Window-blind manufacturers such as Hunter Douglas NV and retailers like J.C. Penney Co. are meeting at the agency’s Washington headquarters to map out a plan for bolstering voluntary safety rules through the American National Standards Institute, or ANSI. The group unveiled stricter requirements in September for Roman shades, which are drawn up from the bottom into a series of folds.

The CPSC orchestrated one of the largest recalls in the agency’s history last December to fix more than 50 million Roman and roll-up blinds, covering all such products sold at retailers including Wal-Mart Stores Inc., Pottery Barn outlets owned by Williams-Sonoma Inc. and Restoration Hardware Inc.

U.S. regulators received reports of five deaths and 16 near-strangulations in Roman shades since 2006 and three deaths involving roll-up blinds since 2001, the CPSC said in December.

Voluntary Industry Standard

A voluntary industry standard adopted by the institute in September falls short of what’s needed, according to consumer groups involved in the rule-writing process, including Parents for Window-Blind Safety and Consumers Union. That effort focused on adding a warning label to Roman shades and not cords in all types of products.

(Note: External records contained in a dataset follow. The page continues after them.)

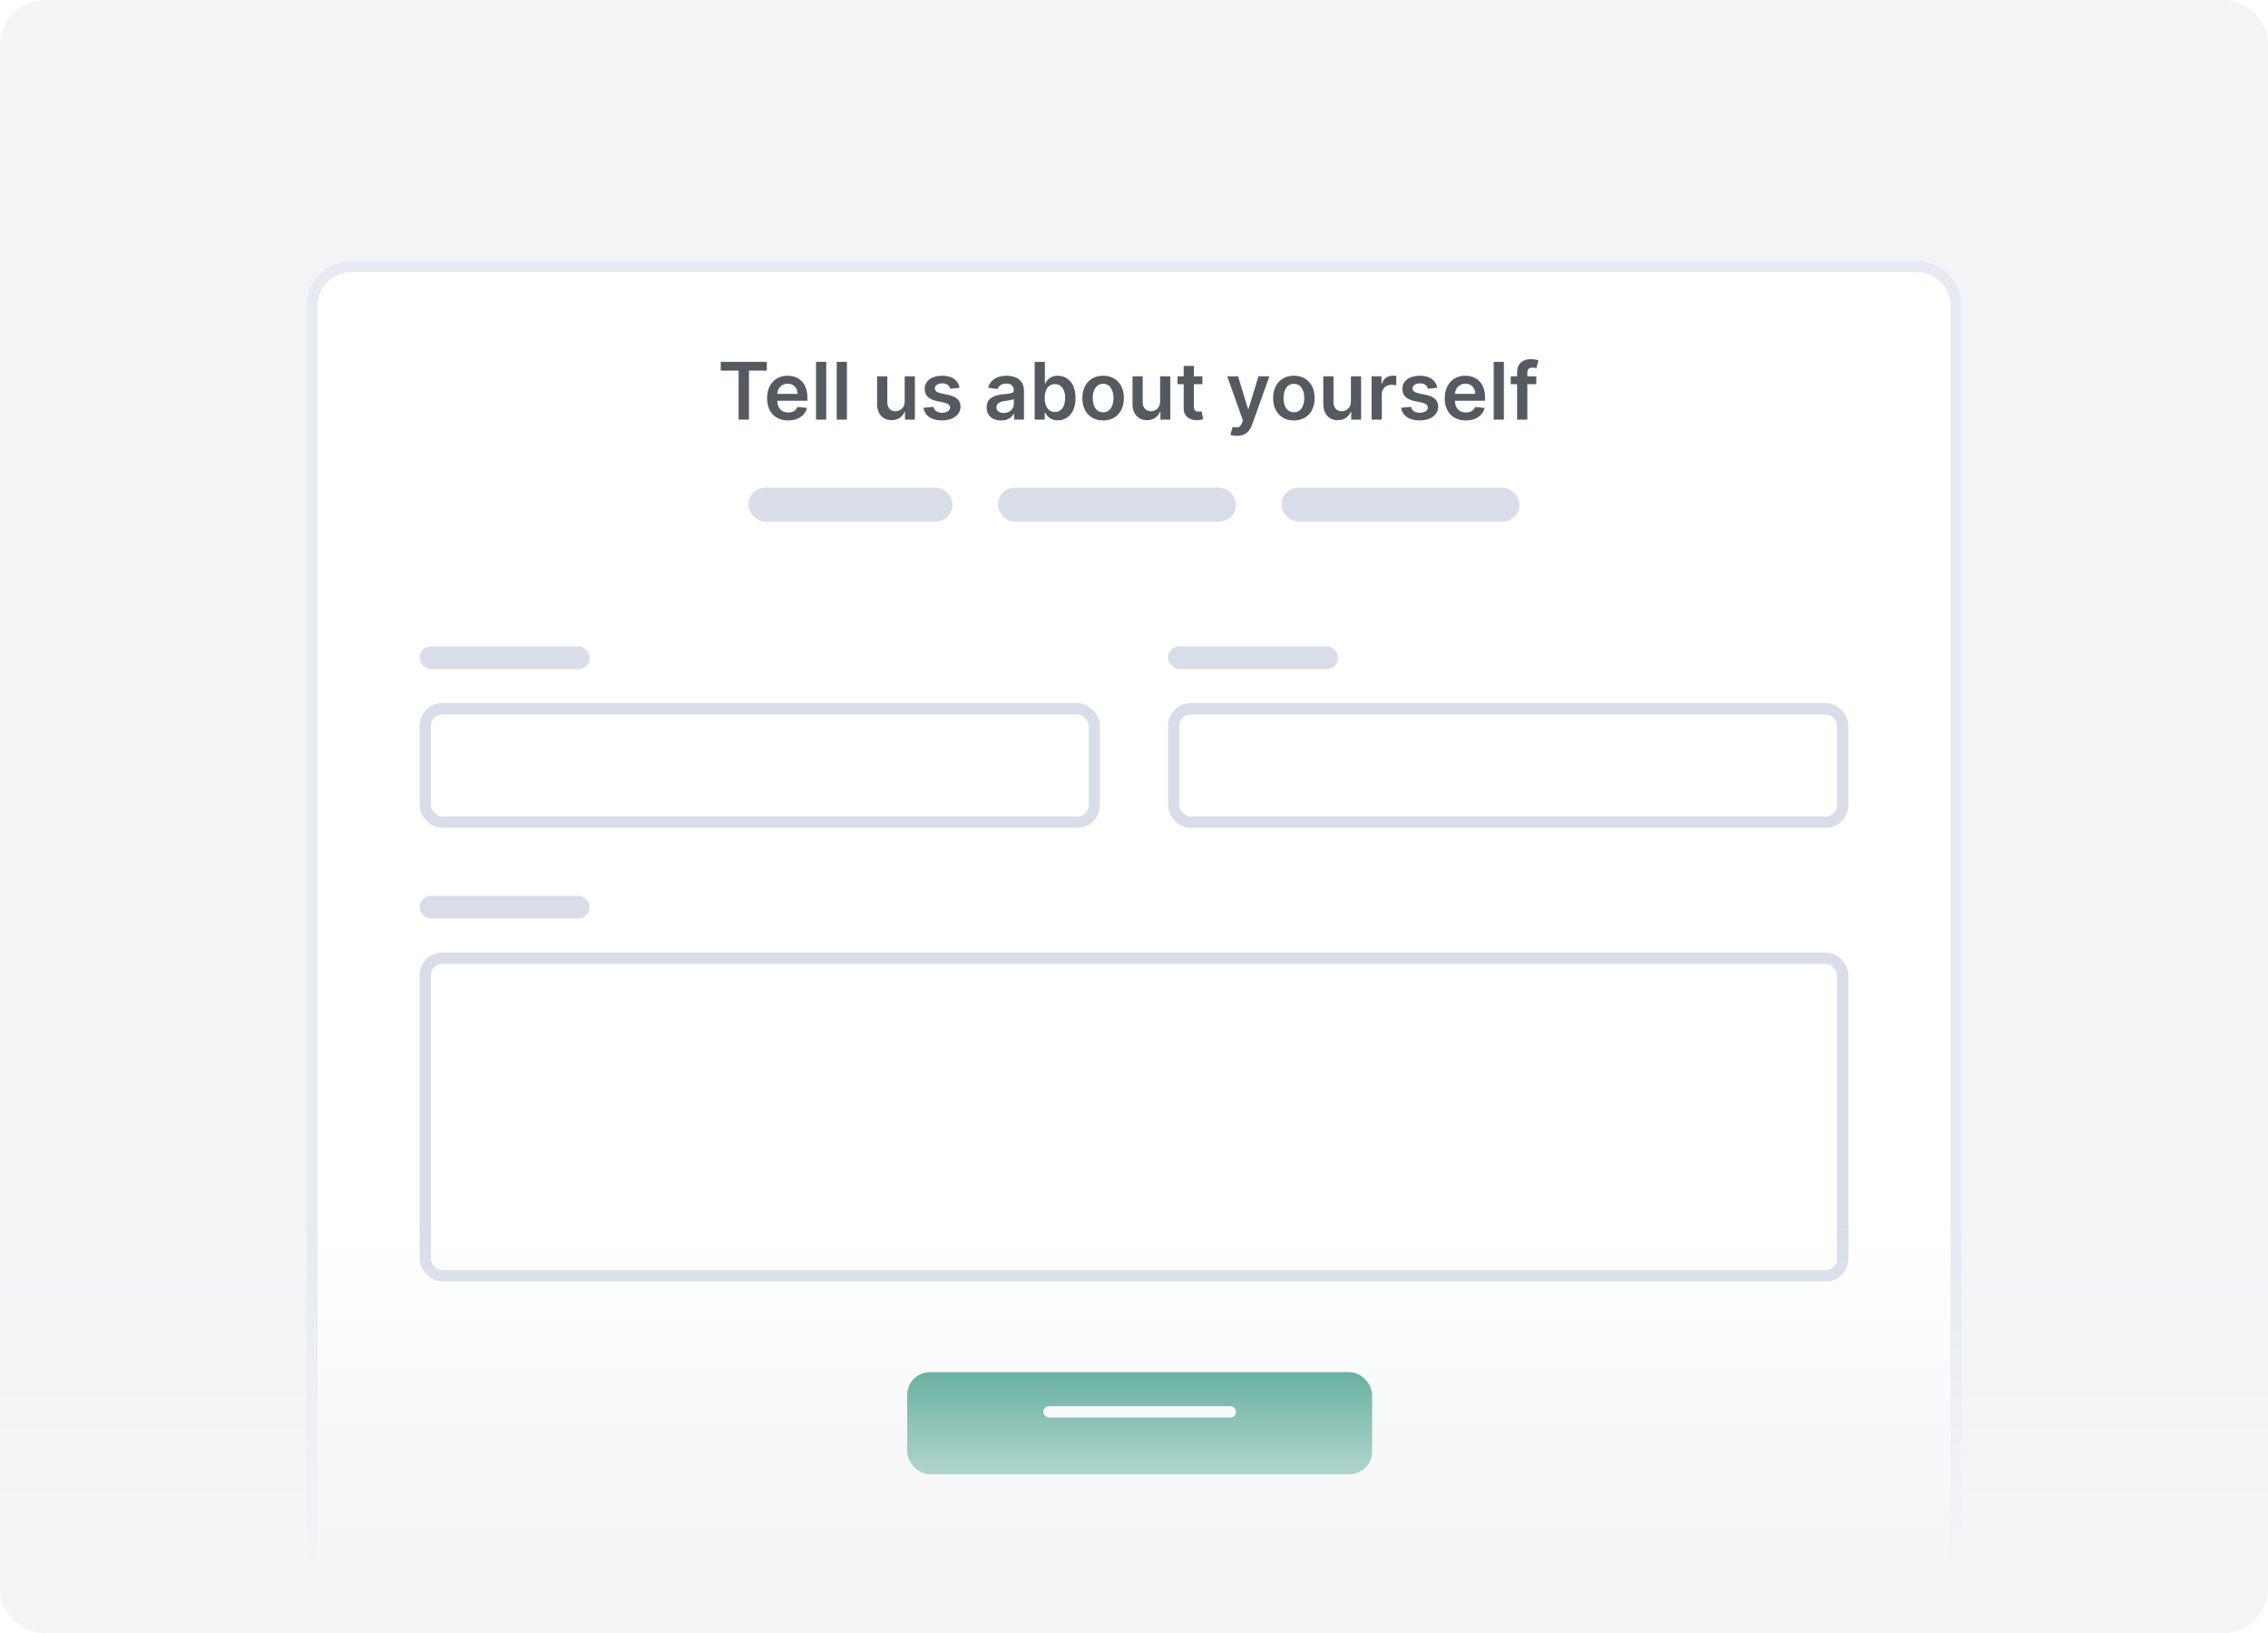 <svg width="200" height="144" viewBox="0 0 200 144" fill="none" xmlns="http://www.w3.org/2000/svg">
<g clip-path="url(#clip0)">
<path d="M196 0H4C1.791 0 0 1.791 0 4V140C0 142.209 1.791 144 4 144H196C198.209 144 200 142.209 200 140V4C200 1.791 198.209 0 196 0Z" fill="#F3F4F6"/>
<g filter="url(#filter0_d)">
<path d="M27 24C27 21.791 28.791 20 31 20H169C171.209 20 173 21.791 173 24V144H27V24Z" fill="white"/>
<path d="M31 20.5H169C170.933 20.5 172.5 22.067 172.5 24V143.5H27.5V24C27.5 22.067 29.067 20.5 31 20.5Z" stroke="#E7EAF3"/>
</g>
<rect x="66" y="43" width="18" height="3" rx="1.5" fill="#D9DDEA"/>
<rect x="37" y="57" width="15" height="2" rx="1" fill="#D9DDEA"/>
<rect x="37" y="79" width="15" height="2" rx="1" fill="#D9DDEA"/>
<rect x="103" y="57" width="15" height="2" rx="1" fill="#D9DDEA"/>
<g filter="url(#filter1_d)">
<rect x="80" y="120" width="41" height="9" rx="2" fill="#008060"/>
</g>
<rect x="37.5" y="62.5" width="59" height="10" rx="1.5" stroke="#D9DDEA"/>
<rect x="37.5" y="84.5" width="125" height="28" rx="1.5" stroke="#D9DDEA"/>
<rect x="103.5" y="62.5" width="59" height="10" rx="1.5" stroke="#D9DDEA"/>
<rect x="92" y="124" width="17" height="1" rx="0.5" fill="white"/>
<rect x="88" y="43" width="21" height="3" rx="1.5" fill="#D9DDEA"/>
<rect x="113" y="43" width="21" height="3" rx="1.5" fill="#D9DDEA"/>
<path d="M0 104H200V140C200 142.209 198.209 144 196 144H4C1.791 144 0 142.209 0 140V104Z" fill="url(#paint0_linear)"/>
<path d="M63.558 32.682H65.132V37H66.046V32.682H67.62V31.909H63.558V32.682ZM69.5 37.075C70.39 37.075 71.001 36.64 71.16 35.976L70.32 35.881C70.198 36.205 69.9 36.374 69.512 36.374C68.931 36.374 68.545 35.991 68.538 35.337H71.198V35.061C71.198 33.721 70.392 33.132 69.453 33.132C68.359 33.132 67.645 33.935 67.645 35.113C67.645 36.311 68.349 37.075 69.5 37.075ZM68.54 34.73C68.568 34.243 68.928 33.833 69.465 33.833C69.982 33.833 70.33 34.211 70.335 34.73H68.54ZM72.859 31.909H71.959V37H72.859V31.909ZM74.684 31.909H73.784V37H74.684V31.909ZM79.779 35.394C79.779 35.976 79.364 36.264 78.966 36.264C78.534 36.264 78.246 35.959 78.246 35.474V33.182H77.346V35.613C77.346 36.53 77.868 37.05 78.618 37.05C79.19 37.05 79.593 36.749 79.767 36.321H79.807V37H80.679V33.182H79.779V35.394ZM84.622 34.191C84.498 33.545 83.981 33.132 83.086 33.132C82.166 33.132 81.54 33.584 81.542 34.291C81.54 34.847 81.883 35.215 82.616 35.367L83.267 35.504C83.618 35.581 83.782 35.722 83.782 35.939C83.782 36.2 83.499 36.396 83.071 36.396C82.658 36.396 82.39 36.217 82.313 35.874L81.435 35.959C81.547 36.659 82.136 37.075 83.074 37.075C84.028 37.075 84.702 36.58 84.704 35.856C84.702 35.312 84.351 34.979 83.63 34.822L82.979 34.683C82.591 34.596 82.437 34.462 82.44 34.241C82.437 33.982 82.723 33.803 83.098 33.803C83.513 33.803 83.732 34.029 83.802 34.281L84.622 34.191ZM88.281 37.077C88.88 37.077 89.238 36.796 89.402 36.475H89.432V37H90.297V34.445C90.297 33.435 89.475 33.132 88.746 33.132C87.943 33.132 87.327 33.49 87.128 34.186L87.968 34.305C88.058 34.044 88.311 33.821 88.751 33.821C89.169 33.821 89.397 34.034 89.397 34.41V34.425C89.397 34.683 89.126 34.696 88.453 34.768C87.712 34.847 87.004 35.069 87.004 35.929C87.004 36.679 87.553 37.077 88.281 37.077ZM88.515 36.416C88.14 36.416 87.871 36.244 87.871 35.914C87.871 35.568 88.172 35.424 88.575 35.367C88.811 35.334 89.283 35.275 89.4 35.18V35.63C89.4 36.055 89.057 36.416 88.515 36.416ZM91.242 37H92.127V36.398H92.179C92.321 36.677 92.617 37.067 93.273 37.067C94.173 37.067 94.846 36.354 94.846 35.096C94.846 33.823 94.153 33.132 93.27 33.132C92.597 33.132 92.316 33.537 92.179 33.813H92.142V31.909H91.242V37ZM92.124 35.091C92.124 34.35 92.442 33.87 93.022 33.87C93.621 33.87 93.929 34.38 93.929 35.091C93.929 35.807 93.616 36.329 93.022 36.329C92.448 36.329 92.124 35.832 92.124 35.091ZM97.277 37.075C98.395 37.075 99.106 36.287 99.106 35.106C99.106 33.923 98.395 33.132 97.277 33.132C96.158 33.132 95.447 33.923 95.447 35.106C95.447 36.287 96.158 37.075 97.277 37.075ZM97.282 36.354C96.663 36.354 96.359 35.802 96.359 35.103C96.359 34.405 96.663 33.846 97.282 33.846C97.891 33.846 98.194 34.405 98.194 35.103C98.194 35.802 97.891 36.354 97.282 36.354ZM102.304 35.394C102.304 35.976 101.889 36.264 101.491 36.264C101.058 36.264 100.77 35.959 100.77 35.474V33.182H99.87V35.613C99.87 36.53 100.392 37.05 101.143 37.05C101.715 37.05 102.117 36.749 102.291 36.321H102.331V37H103.204V33.182H102.304V35.394ZM106.035 33.182H105.282V32.267H104.382V33.182H103.841V33.878H104.382V36.001C104.377 36.719 104.899 37.072 105.576 37.052C105.832 37.045 106.008 36.995 106.105 36.963L105.953 36.259C105.904 36.272 105.802 36.294 105.69 36.294C105.464 36.294 105.282 36.215 105.282 35.852V33.878H106.035V33.182ZM109.084 38.432C109.785 38.432 110.19 38.071 110.406 37.462L111.94 33.187L110.978 33.182L110.095 36.065H110.056L109.176 33.182H108.221L109.606 37.08L109.529 37.286C109.362 37.721 109.099 37.751 108.706 37.636L108.497 38.337C108.619 38.387 108.838 38.432 109.084 38.432ZM114.1 37.075C115.219 37.075 115.93 36.287 115.93 35.106C115.93 33.923 115.219 33.132 114.1 33.132C112.981 33.132 112.27 33.923 112.27 35.106C112.27 36.287 112.981 37.075 114.1 37.075ZM114.105 36.354C113.486 36.354 113.183 35.802 113.183 35.103C113.183 34.405 113.486 33.846 114.105 33.846C114.714 33.846 115.017 34.405 115.017 35.103C115.017 35.802 114.714 36.354 114.105 36.354ZM119.127 35.394C119.127 35.976 118.712 36.264 118.314 36.264C117.882 36.264 117.593 35.959 117.593 35.474V33.182H116.693V35.613C116.693 36.53 117.215 37.05 117.966 37.05C118.538 37.05 118.94 36.749 119.114 36.321H119.154V37H120.027V33.182H119.127V35.394ZM120.952 37H121.852V34.755C121.852 34.271 122.217 33.928 122.712 33.928C122.864 33.928 123.053 33.955 123.13 33.98V33.152C123.048 33.137 122.906 33.127 122.807 33.127C122.369 33.127 122.004 33.376 121.864 33.818H121.825V33.182H120.952V37ZM126.745 34.191C126.621 33.545 126.104 33.132 125.209 33.132C124.289 33.132 123.663 33.584 123.665 34.291C123.663 34.847 124.006 35.215 124.739 35.367L125.39 35.504C125.741 35.581 125.905 35.722 125.905 35.939C125.905 36.2 125.622 36.396 125.194 36.396C124.781 36.396 124.513 36.217 124.436 35.874L123.558 35.959C123.67 36.659 124.259 37.075 125.197 37.075C126.151 37.075 126.825 36.58 126.827 35.856C126.825 35.312 126.474 34.979 125.753 34.822L125.102 34.683C124.714 34.596 124.56 34.462 124.563 34.241C124.56 33.982 124.846 33.803 125.221 33.803C125.637 33.803 125.855 34.029 125.925 34.281L126.745 34.191ZM129.26 37.075C130.15 37.075 130.761 36.64 130.92 35.976L130.08 35.881C129.958 36.205 129.66 36.374 129.272 36.374C128.69 36.374 128.305 35.991 128.298 35.337H130.957V35.061C130.957 33.721 130.152 33.132 129.212 33.132C128.119 33.132 127.405 33.935 127.405 35.113C127.405 36.311 128.109 37.075 129.26 37.075ZM128.3 34.73C128.327 34.243 128.688 33.833 129.225 33.833C129.742 33.833 130.09 34.211 130.095 34.73H128.3ZM132.619 31.909H131.719V37H132.619V31.909ZM135.478 33.182H134.685V32.881C134.685 32.583 134.809 32.416 135.145 32.416C135.286 32.416 135.406 32.449 135.48 32.471L135.662 31.775C135.545 31.735 135.289 31.671 134.978 31.671C134.314 31.671 133.785 32.051 133.785 32.821V33.182H133.221V33.878H133.785V37H134.685V33.878H135.478V33.182Z" fill="#555A60"/>
</g>
<defs>
<filter id="filter0_d" x="22" y="18" width="156" height="134" filterUnits="userSpaceOnUse" color-interpolation-filters="sRGB">
<feFlood flood-opacity="0" result="BackgroundImageFix"/>
<feColorMatrix in="SourceAlpha" type="matrix" values="0 0 0 0 0 0 0 0 0 0 0 0 0 0 0 0 0 0 127 0"/>
<feOffset dy="3"/>
<feGaussianBlur stdDeviation="2.5"/>
<feColorMatrix type="matrix" values="0 0 0 0 0.549 0 0 0 0 0.596 0 0 0 0 0.643 0 0 0 0.125 0"/>
<feBlend mode="normal" in2="BackgroundImageFix" result="effect1_dropShadow"/>
<feBlend mode="normal" in="SourceGraphic" in2="effect1_dropShadow" result="shape"/>
</filter>
<filter id="filter1_d" x="78" y="119" width="45" height="13" filterUnits="userSpaceOnUse" color-interpolation-filters="sRGB">
<feFlood flood-opacity="0" result="BackgroundImageFix"/>
<feColorMatrix in="SourceAlpha" type="matrix" values="0 0 0 0 0 0 0 0 0 0 0 0 0 0 0 0 0 0 127 0"/>
<feOffset dy="1"/>
<feGaussianBlur stdDeviation="1"/>
<feColorMatrix type="matrix" values="0 0 0 0 0.216 0 0 0 0 0.49 0 0 0 0 1 0 0 0 0.2 0"/>
<feBlend mode="normal" in2="BackgroundImageFix" result="effect1_dropShadow"/>
<feBlend mode="normal" in="SourceGraphic" in2="effect1_dropShadow" result="shape"/>
</filter>
<linearGradient id="paint0_linear" x1="100" y1="154" x2="100" y2="92.5" gradientUnits="userSpaceOnUse">
<stop offset="0.256" stop-color="#F3F4F6"/>
<stop offset="0.749" stop-color="#F3F4F6" stop-opacity="0"/>
</linearGradient>
<clipPath id="clip0">
<rect width="200" height="144" fill="white"/>
</clipPath>
</defs>
</svg>

“If they choose to eliminate all the known hazards, this will be the goal we’ve been pressing for the last eight years,” said Linda Kaiser, founder of Chicago-based Parents for Window- Blind Safety, whose daughter, Cheyenne Rose, died in a window- blind cord accident in 2002.

Today’s meeting kicked off an effort to write tougher rules by next October, Ralph Vasami, executive director of the New York-based Window Covering Manufacturers Association, said in an interview. The effort will apply to all kinds of window coverings and will result in tests for preventing known hazards such as cords accessible by young children, he said.

‘Looking for Solutions’

“We were on a schedule driven by the CPSC to get enhancements out as quickly as possible,” Vasami said. “We’re looking for solutions.”

The industry and the CPSC have been working on the same safety problems since the 1980s, said Carol Pollack-Nelson, an independent product-safety consultant from Rockville, Maryland, who served on the ANSI window-covering committee. Companies haven’t felt the pressure to act because consumers are used to cords and don’t consider them dangerous, she said.

“The challenge of this product is it’s been around for a long time,” Pollack-Nelson said. “It’s like being afraid of your walls and your floors.”